Maybe the Senegalese poet, Baba Dioum, has a point when he says: "In the end, we conserve only what we love. We will love only what we understand. We will understand only what we are taught."
Nice Pic, But what a shame that when it comes to muslim world CNN only shows camels, desert and veils,and doesn't report the kind of development, art , and construction of these countrie. Middle East is contributing billions to save USA banks and economy.Middleeast/Dubai has the highest and best construction highrises,most cranes, 22 theme parks,luxsury islands,tallest building in world, 7 wonders being built,mueseums, all seasons islands..USA media just promotes Isreal and deface and attack muslims , is it free media?? is it doing service to USA citizens ?or poluting their mind, with shameful , incorrect/incomplete info?? its not fair? we pay you tell us the truth ,its fraud.

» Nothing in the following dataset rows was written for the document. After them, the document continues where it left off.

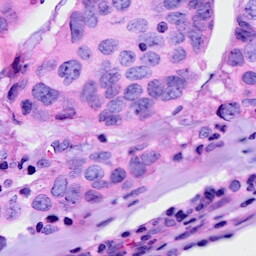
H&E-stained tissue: Breast
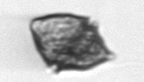
Label: Kryptoperidinium_triquetrum
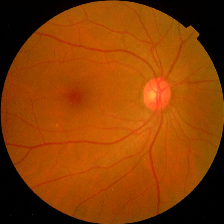
Diabetic retinopathy grade: No DR
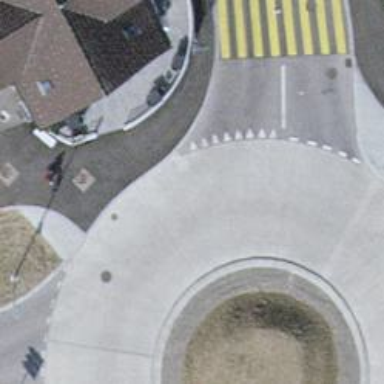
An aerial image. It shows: Secondary road leading to roundabout.
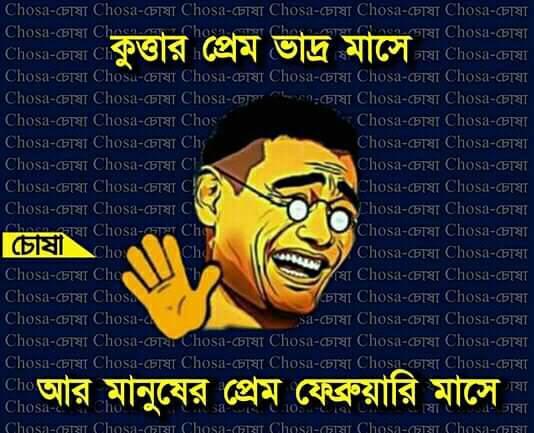
Caption:  কুত্তার প্রেম ভাদ্র মাসে    আর মানুষের প্রেম ফেব্রুয়ারী মাসে
Label: non-hate
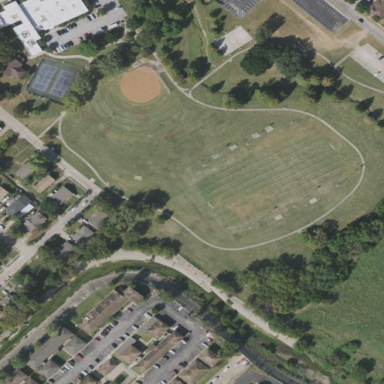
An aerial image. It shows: American football pitch.
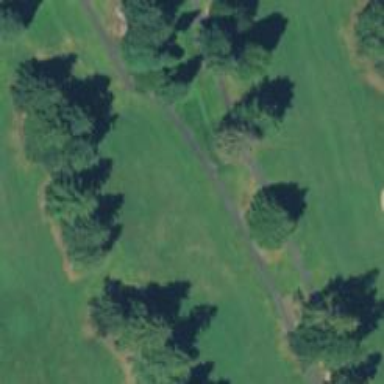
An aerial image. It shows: Service road used as golf cart path.
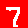
Digit: 7
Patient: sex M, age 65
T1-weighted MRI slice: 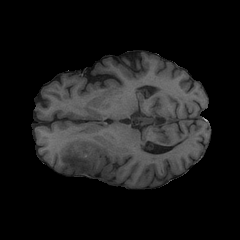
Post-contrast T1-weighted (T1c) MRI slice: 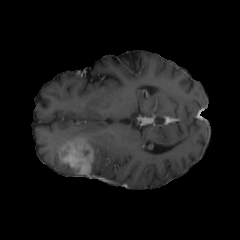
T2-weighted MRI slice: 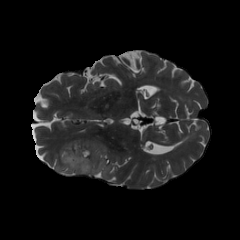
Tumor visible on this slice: yes
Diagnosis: Glioblastoma, IDH-wildtype
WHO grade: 4
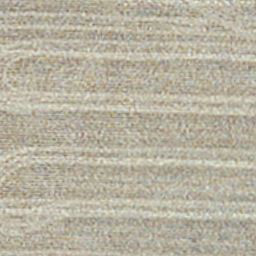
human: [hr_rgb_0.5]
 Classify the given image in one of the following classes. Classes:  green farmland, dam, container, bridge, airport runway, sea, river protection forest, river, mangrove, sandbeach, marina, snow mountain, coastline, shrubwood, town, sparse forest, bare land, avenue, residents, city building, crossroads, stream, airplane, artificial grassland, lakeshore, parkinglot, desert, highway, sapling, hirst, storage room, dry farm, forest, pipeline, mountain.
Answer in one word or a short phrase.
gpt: dry farm
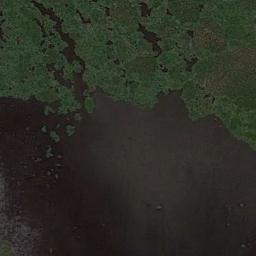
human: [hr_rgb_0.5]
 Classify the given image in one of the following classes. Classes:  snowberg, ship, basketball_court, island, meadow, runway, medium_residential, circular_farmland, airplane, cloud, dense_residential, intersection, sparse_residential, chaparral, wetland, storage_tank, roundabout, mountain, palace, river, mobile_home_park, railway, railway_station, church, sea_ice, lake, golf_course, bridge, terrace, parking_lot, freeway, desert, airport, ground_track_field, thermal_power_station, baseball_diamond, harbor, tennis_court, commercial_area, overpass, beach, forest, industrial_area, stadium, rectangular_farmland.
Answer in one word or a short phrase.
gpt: wetland
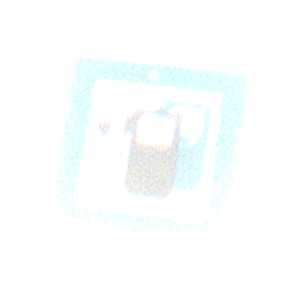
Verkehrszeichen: LadestationFuerElektrofahrzeuge
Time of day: SunriseSunset
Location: Outdoor (RoadRail)
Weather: PartlyCloudy
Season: NotSpecified
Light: Natural
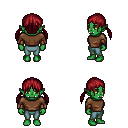
a pixel art fantasy rpg character, female body template, orc, green skin, brown long-sleeve shirt, teal pants, brunette twin-tailed hairstyle, leather bracers, four views (front, back, left, right), 2x2 character sprite sheet, small pixel art, hard edges, no anti-aliasing
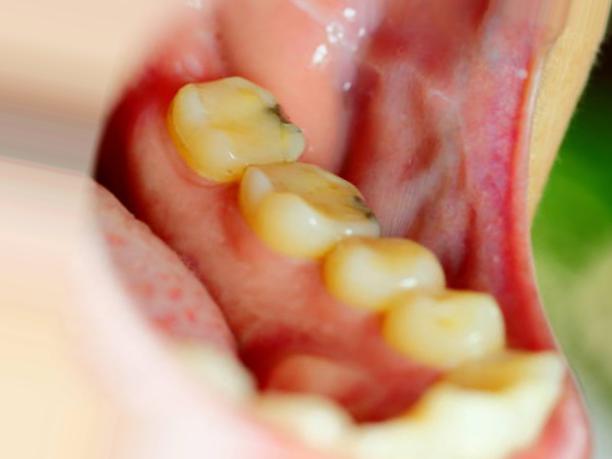
Condition: Caries
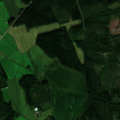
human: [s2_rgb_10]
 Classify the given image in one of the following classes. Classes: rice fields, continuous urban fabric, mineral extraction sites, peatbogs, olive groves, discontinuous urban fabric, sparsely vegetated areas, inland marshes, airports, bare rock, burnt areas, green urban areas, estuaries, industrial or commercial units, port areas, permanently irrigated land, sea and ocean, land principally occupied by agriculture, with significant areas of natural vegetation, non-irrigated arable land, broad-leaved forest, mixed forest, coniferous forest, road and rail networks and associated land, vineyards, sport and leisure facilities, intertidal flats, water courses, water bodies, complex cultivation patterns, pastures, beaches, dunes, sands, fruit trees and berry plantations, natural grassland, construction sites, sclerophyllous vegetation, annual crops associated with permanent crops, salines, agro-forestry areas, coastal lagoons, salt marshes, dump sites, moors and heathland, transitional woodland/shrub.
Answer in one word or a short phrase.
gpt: non-irrigated arable land, land principally occupied by agriculture, with significant areas of natural vegetation, coniferous forest, mixed forest
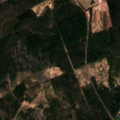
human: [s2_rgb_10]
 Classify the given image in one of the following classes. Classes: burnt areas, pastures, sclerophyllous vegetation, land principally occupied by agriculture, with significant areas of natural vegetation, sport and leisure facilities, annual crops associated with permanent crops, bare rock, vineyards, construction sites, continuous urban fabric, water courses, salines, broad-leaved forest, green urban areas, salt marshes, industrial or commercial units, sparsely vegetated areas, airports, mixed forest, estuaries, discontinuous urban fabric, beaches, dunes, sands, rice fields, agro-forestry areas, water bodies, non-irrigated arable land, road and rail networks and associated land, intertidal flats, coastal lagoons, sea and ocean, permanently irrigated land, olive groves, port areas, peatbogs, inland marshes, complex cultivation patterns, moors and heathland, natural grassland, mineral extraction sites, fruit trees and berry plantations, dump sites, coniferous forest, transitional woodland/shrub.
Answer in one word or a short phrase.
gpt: coniferous forest, mixed forest, transitional woodland/shrub
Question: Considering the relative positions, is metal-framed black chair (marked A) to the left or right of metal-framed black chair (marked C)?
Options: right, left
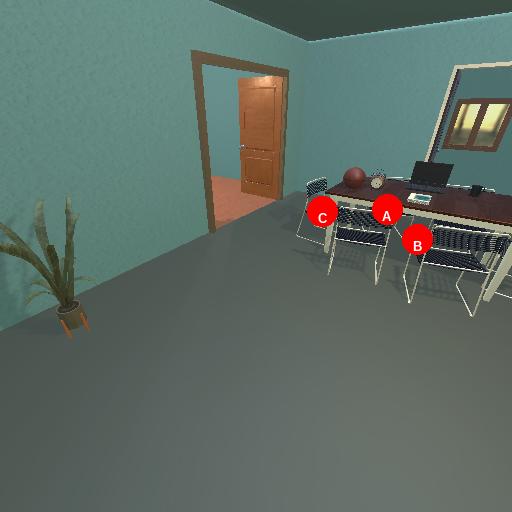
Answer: right
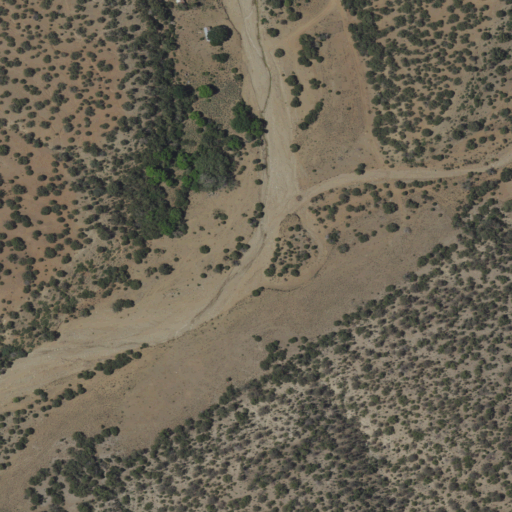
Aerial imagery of valley in New Mexico named Jose Carrillo Canyon containing shrub, evergreen forest, and open development
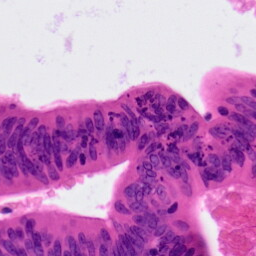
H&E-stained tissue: Colon
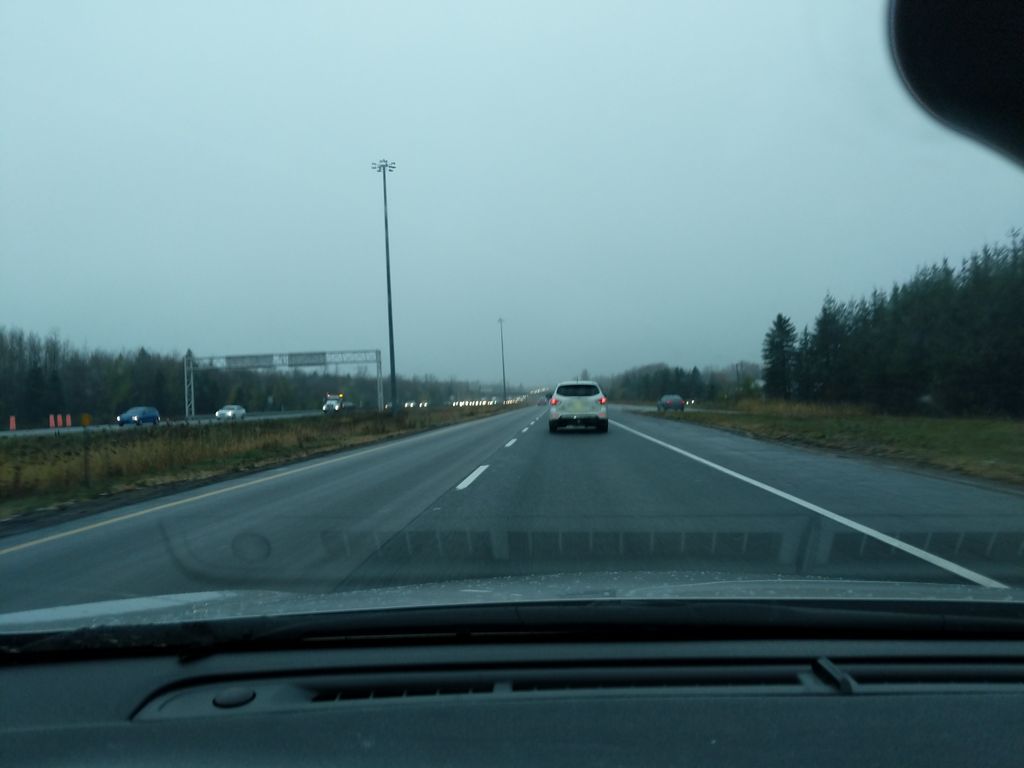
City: quebec_city

Anonymous, have you even looked at the rest of this blog or watched the show? The latest entry on Haifa Wehbe also has a picture, and it looks like anything but a camel to me.
I found this an interesting report about a place that has changed so emphatically and about an old culture that has been wiped away with only the older generation having any sense of the past now.
Only a small area like the Emirates which is so massively rich could have changed in it's entirety in two generations. What have they lost in the rush to modernize and to secure a comfortable future ? Hala - I enjoyed seeing your desert picnic, camels milk is one delicacy I hadn't heard of before and it looked unusual judging from your reactions . Thanks for giving a view of something I hadn't seen before and may not again and i thought it was well worth going there.
Thanks for the show, But I smoehow feel like that you are missing a lot of other horizons of the Middle east. I think you need to make the program more lively, Camels and birds alone dont represent the Mid east, And thanks to Hala that she uttered the name of the Bangladesh and showed its workers who are at the peak and most effective workforce in UAE.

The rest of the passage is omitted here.